Each day I try to walk at least three miles. It usually takes me about an hour, sometimes a little more, and it's a surefire way of guaranteeing that I will be in, if not a cheerful mood, at least a civil mood when Husband comes home. Walking also allows Baby an opportunity to sleep, since he doesn't do it that often during the day, unless he's curled up against me with on demand access to the boob, or in the stroller or car. I love being outside, and the route I take is challenging but manageable. I'm generally happier if I can go for a walk.
Until today, I hadn't been able to go for a walk since Thursday. We spent Friday running around for hours and hours doing chores.
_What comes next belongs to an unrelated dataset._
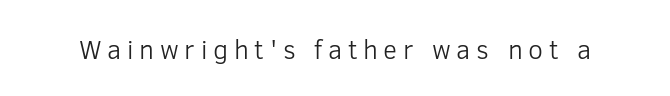
A roman cut, with each character standing at attention. Here the glyphs are tracked loosely, breaking word shapes into spaced letters. The letterforms sit at book weight or below. Each row of text sits above clean, open space.

By the time we got home, I had to feed Baby and shower so we could go out for Husband's birthday. I spent Saturday at the Leesburg Outlets with some friends from college. So I did spend some time walking, but it wasn't the briskly paced three+ miles I've come to rely on. Rain thwarted my walking attempts yesterday. Miserable, cold, heavy, March-like rain. Husband and I planned on going on a four mile hike-a hike we were supposed to do a week ago-but we woke up to an unhappy baby and buckets of rain.
I was really excited about being able to go for a walk today. I checked weather.com and received a good report. Temperatures in the 70s and 80s, not getting hotter than 84. Great. I even decided to go in the morning because Baby wouldn't go to sleep, and I wasn't going to spend my day with a baby who refuses sleep. I got my shorts on. I found some clean socks. I put my shoes on and got the bag ready. Then I remembered my ipod. Music is essential for me when I exercise. I will pretty much shut down if I don't have music. I've made it to the gym several times, only to realize I'd left my ipod at home, given a ten minute half-assed attempt on the treadmill or elliptical, given up, and gone home. Today I searched for twenty minutes and still didn't find my ipod. Baby's cries got increasingly louder, and even though I tried to explain the situation, he wouldn't have any of it. I gave up and fed him. It was a giving up and feeding him kind of day.
When Husband got home he encouraged me to go on my walk. Getting me and Baby out of the house allowed him to get some packing done, and I really needed to exercise in order to pull myself out of my four day funk. Husband told me where I could find my ipod, I got ready and headed out. Things went wrong almost immediately. When I parked and started walking, I almost immediately noticed a big, scary dog. I've been afraid of dogs all my life. When I say afraid, I mean completely frozen in terror afraid. When I come across a dog that looks like this,
I see this. So the black lab lounging lazily under a tree caused me to quickly turn the stroller around and cross to the other side of the street. It didn't matter much that there was no crosswalk. While I'm pretty sure my protective mothering instinct will cause me to jump in between the stroller and an out of control SUV, I'm sad to say that I'm not sure it's powerful enough to cause me to jump between my baby and a big scary dog.
Crossing the street was dumb, though, because the sidewalk ended almost immediately, so I had to cross back. I got annoyed. Then I got a couple of phone calls and discovered that I could not, in fact, push a stroller and talk on the phone. I'm just not that talented. After that, I managed to have a Gatorade erupt all over me and the stroller. Red Gatorade filled the cupholder to the point where I had to dig through what was once my hip schoolbag and has now become my matronly diaper bag to find a onesie so I could mop up the Gatorade. Gatorade is sticky. I spent the rest of the walk with my sticky hands touching my sticky stroller and being generally cranky. Then my stomach started to feel funny. Not nauseous or crampy, just funny. I couldn't place the sensation for awhile, and then, as I passed a row of restaurants and didn't have the urge to enter any of them, I realized I was full. Overstuffed. I think the Gatorade filled me up. The Gatorade that didn't end up in the cupholder or all over me, that is. So I felt like ass for the rest of the walk. I trudged along, stopping to rest every 50 feet or so. On a three mile walk, that adds up to a lot of stopping to rest. It sucked. And although the endorphins kicked in, they didn't bring the happy thoughts with them. I spent the entire time listening to my ipod and thinking, at best, neutral thoughts. Most of my thoughts weren't neutral, though. They were anxious and sad and insecure. I wondered what the point of exercising was if the happy thoughts weren't going to come.
After almost 90 minutes of walking, I ended up back at my car, hot, sweaty, sticky, and crankier than I was before I exercised.